Each entry below should be written out exactly as it is, with no pictures.

____

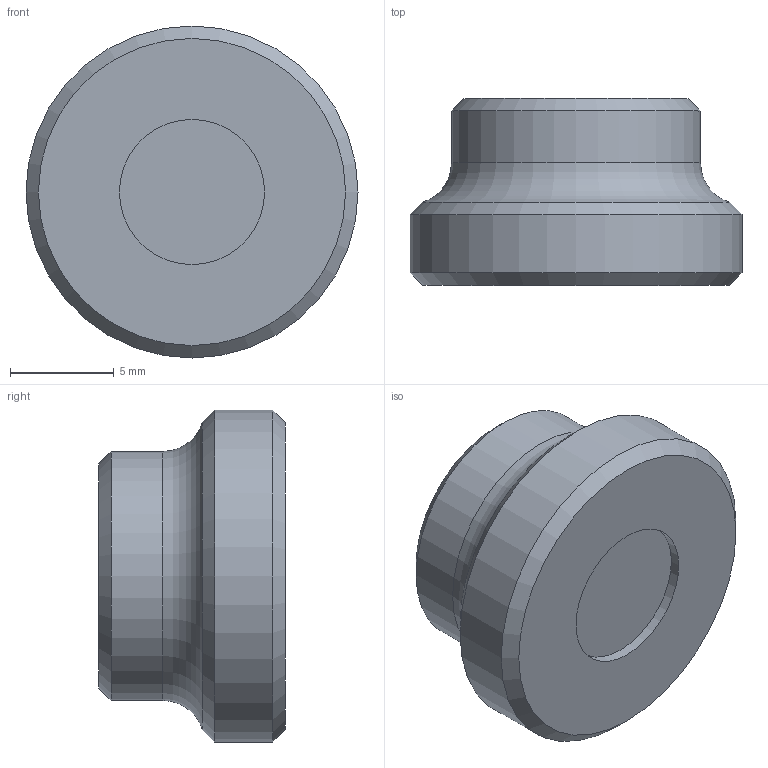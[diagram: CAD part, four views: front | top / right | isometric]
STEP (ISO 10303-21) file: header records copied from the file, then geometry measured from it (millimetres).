
FILE_DESCRIPTION( ( 'STEP AP214' ), '1' );
FILE_NAME( 'K0392.08.stp', '2020-12-07T10:23:22', ( '' ), ( '' ), ' ', 'PARTsolutions', ' ' );
FILE_SCHEMA( ( 'AUTOMOTIVE_DESIGN { 1 0 10303 214 1 1 1 1 }' ) );
Length unit declared in the file: millimetre
Products named in the file (1): _K0392.08
Bounding box: 16 x 9 x 16 mm (x, y, z)
Volume: 1165.3 mm3; surface area: 845 mm2
Topology: 1 solids, 1 shells, 17 faces, 30 edges, 18 vertices
Faces by surface type: cone 5, cylinder 5, plane 5, torus 2
Full cylindrical faces by diameter (mm): 6.1 x2, 7 x1, 12 x1, 16 x1
Entity records: 494 total; most frequent: DIRECTION 68, CARTESIAN_POINT 52, AXIS2_PLACEMENT_3D 34, EDGE_LOOP 32, ORIENTED_EDGE 32, FACE_OUTER_BOUND 24, VERTEX_POINT 18, STYLED_ITEM 17

____

*Task answer*.
[diagram: CAD part, four views: front | top / right | isometric]
STEP (ISO 10303-21) file: header records copied from the file, then geometry measured from it (millimetres).
FILE_DESCRIPTION( ( 'STEP AP214' ), '1' );
FILE_NAME( 'K0392.08.stp', '2020-12-07T10:23:22', ( '' ), ( '' ), ' ', 'PARTsolutions', ' ' );
FILE_SCHEMA( ( 'AUTOMOTIVE_DESIGN { 1 0 10303 214 1 1 1 1 }' ) );
Length unit declared in the file: millimetre
Products named in the file (1): _K0392.08
Bounding box: 16 x 9 x 16 mm (x, y, z)
Volume: 1165.3 mm3; surface area: 845 mm2
Topology: 1 solids, 1 shells, 17 faces, 30 edges, 18 vertices
Faces by surface type: cone 5, cylinder 5, plane 5, torus 2
Full cylindrical faces by diameter (mm): 6.1 x2, 7 x1, 12 x1, 16 x1
Entity records: 494 total; most frequent: DIRECTION 68, CARTESIAN_POINT 52, AXIS2_PLACEMENT_3D 34, EDGE_LOOP 32, ORIENTED_EDGE 32, FACE_OUTER_BOUND 24, VERTEX_POINT 18, STYLED_ITEM 17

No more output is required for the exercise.